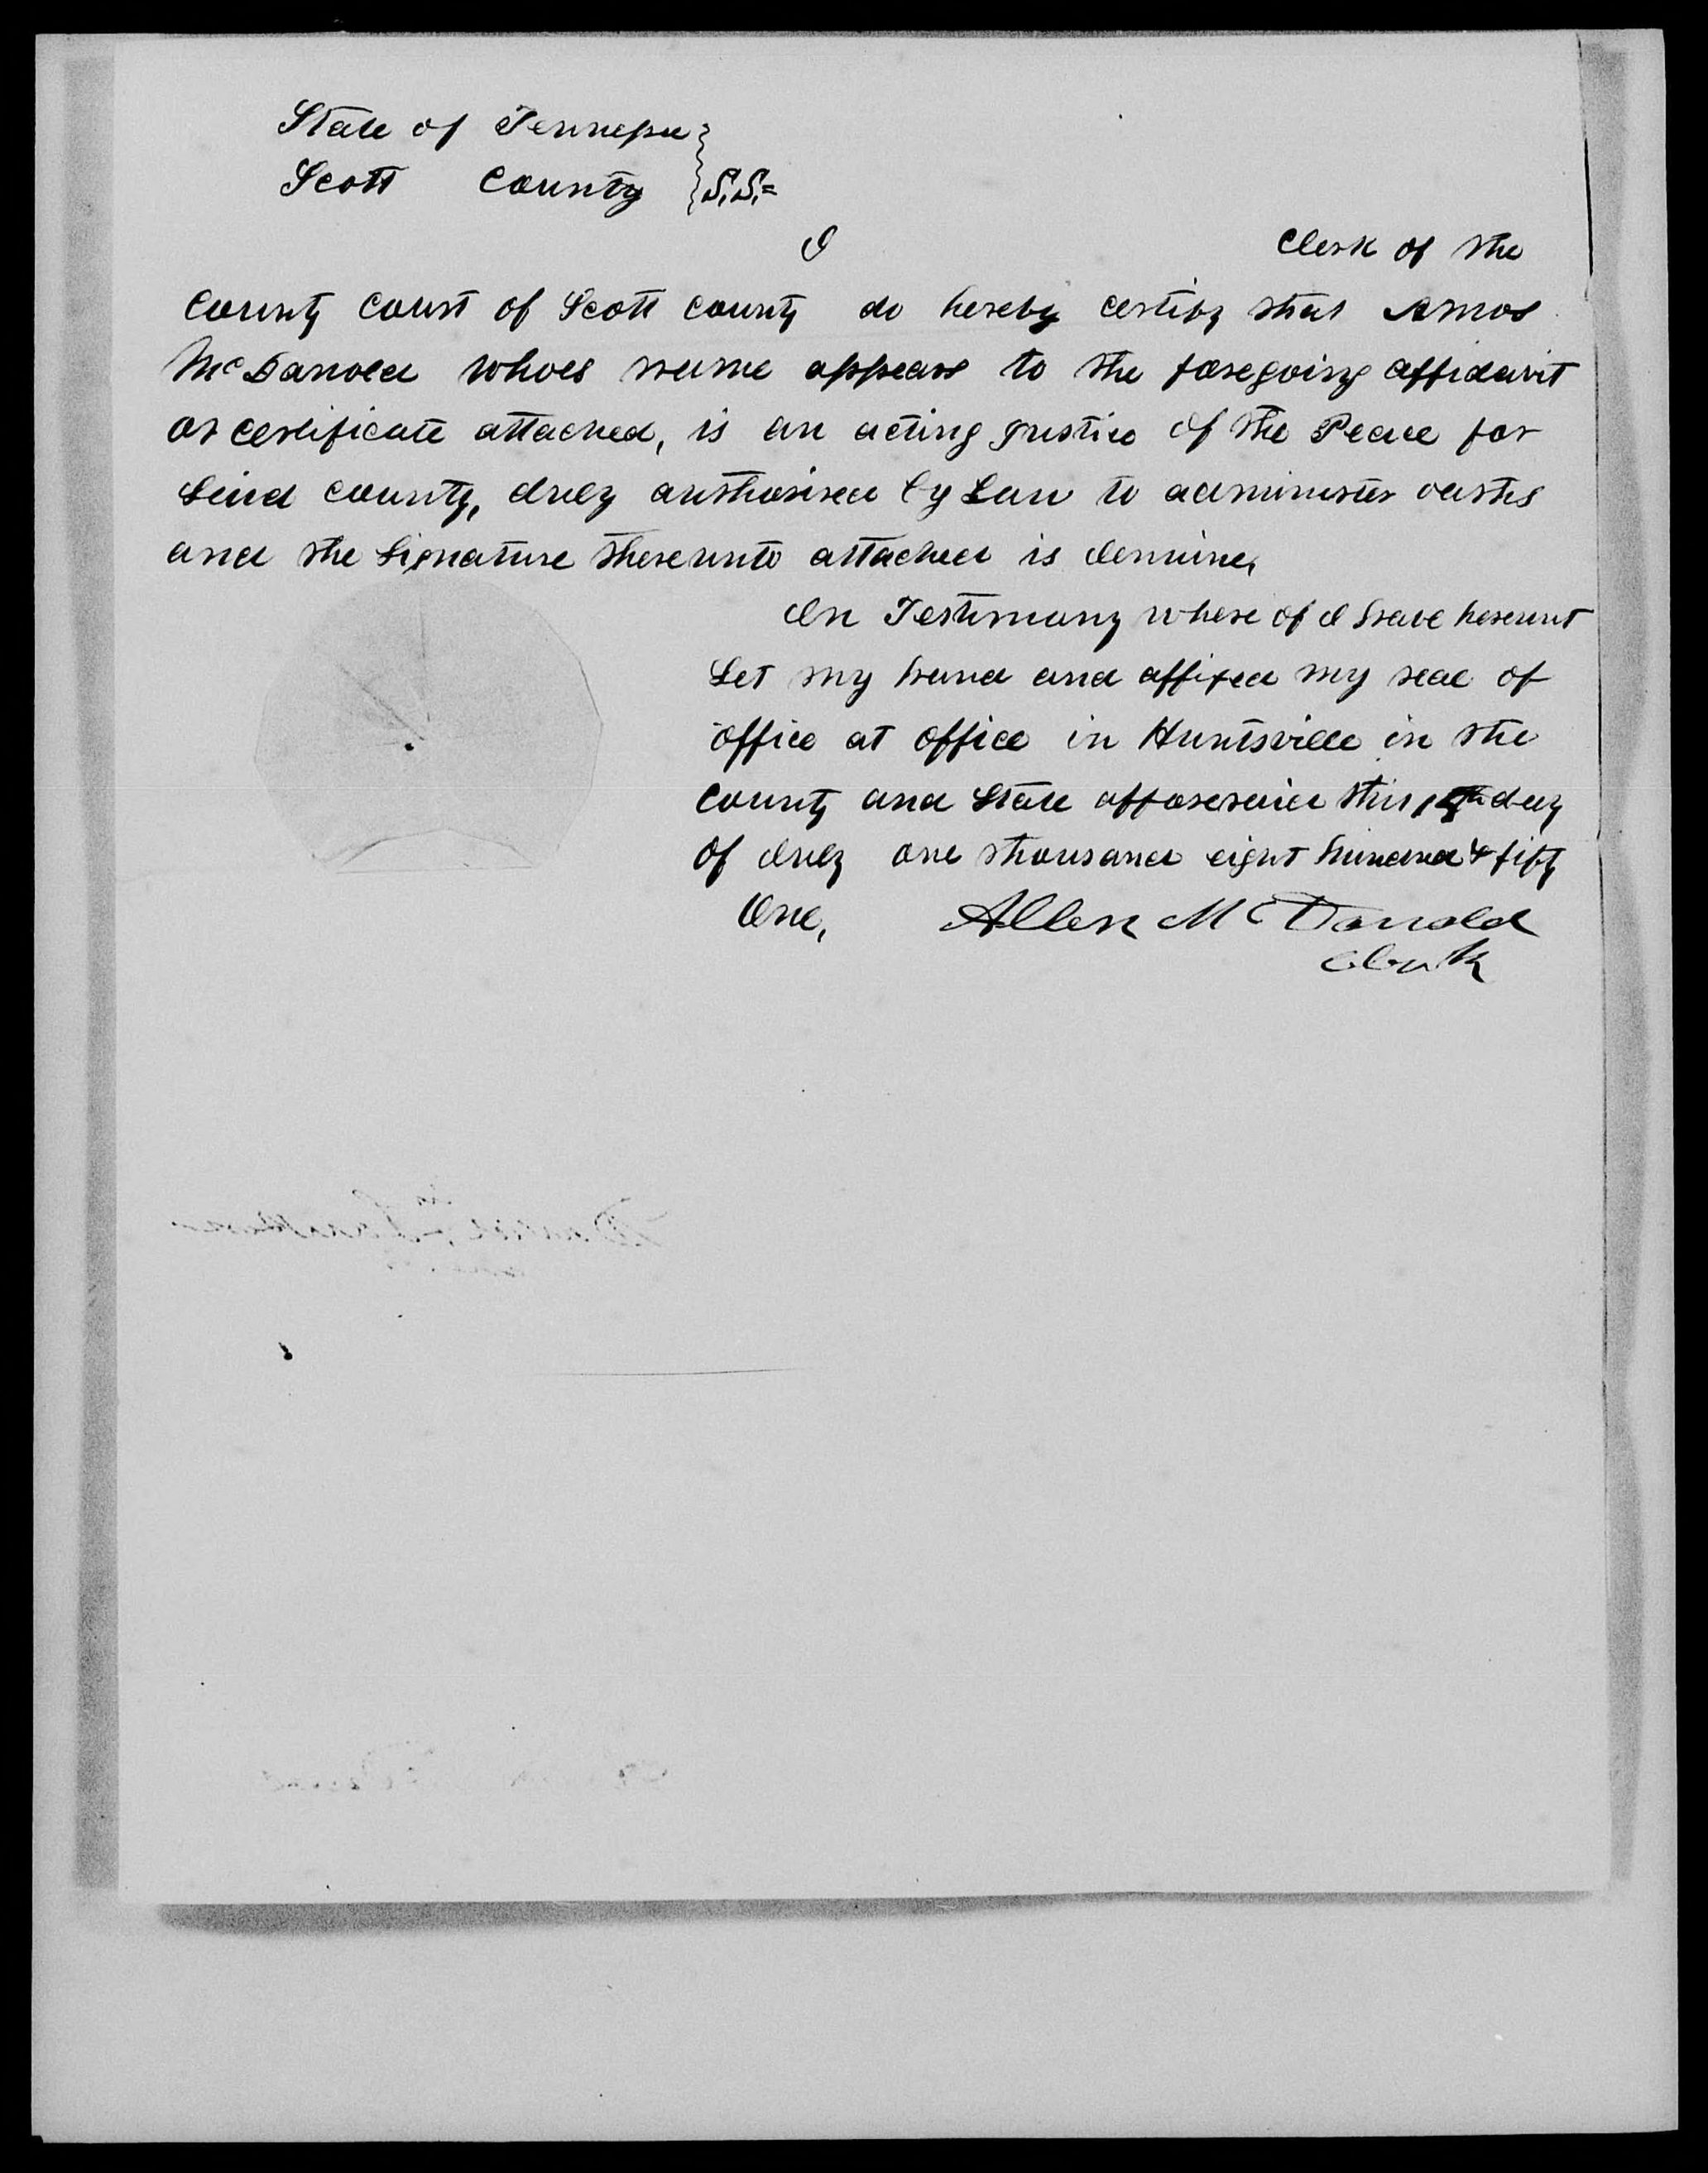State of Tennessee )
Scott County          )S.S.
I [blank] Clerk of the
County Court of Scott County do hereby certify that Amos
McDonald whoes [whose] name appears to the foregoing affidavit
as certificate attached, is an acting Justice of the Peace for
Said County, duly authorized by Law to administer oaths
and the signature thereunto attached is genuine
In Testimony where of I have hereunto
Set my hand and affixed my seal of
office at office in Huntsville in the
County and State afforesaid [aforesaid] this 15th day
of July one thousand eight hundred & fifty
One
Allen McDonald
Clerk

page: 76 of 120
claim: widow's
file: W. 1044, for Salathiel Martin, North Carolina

**WORK INSTRUCTIONS:** Which lines in the data above hold the string "Scott"? Return each of them.

**TASK SOLUTION:**
Scott County          )S.S.
County Court of Scott County do hereby certify that Amos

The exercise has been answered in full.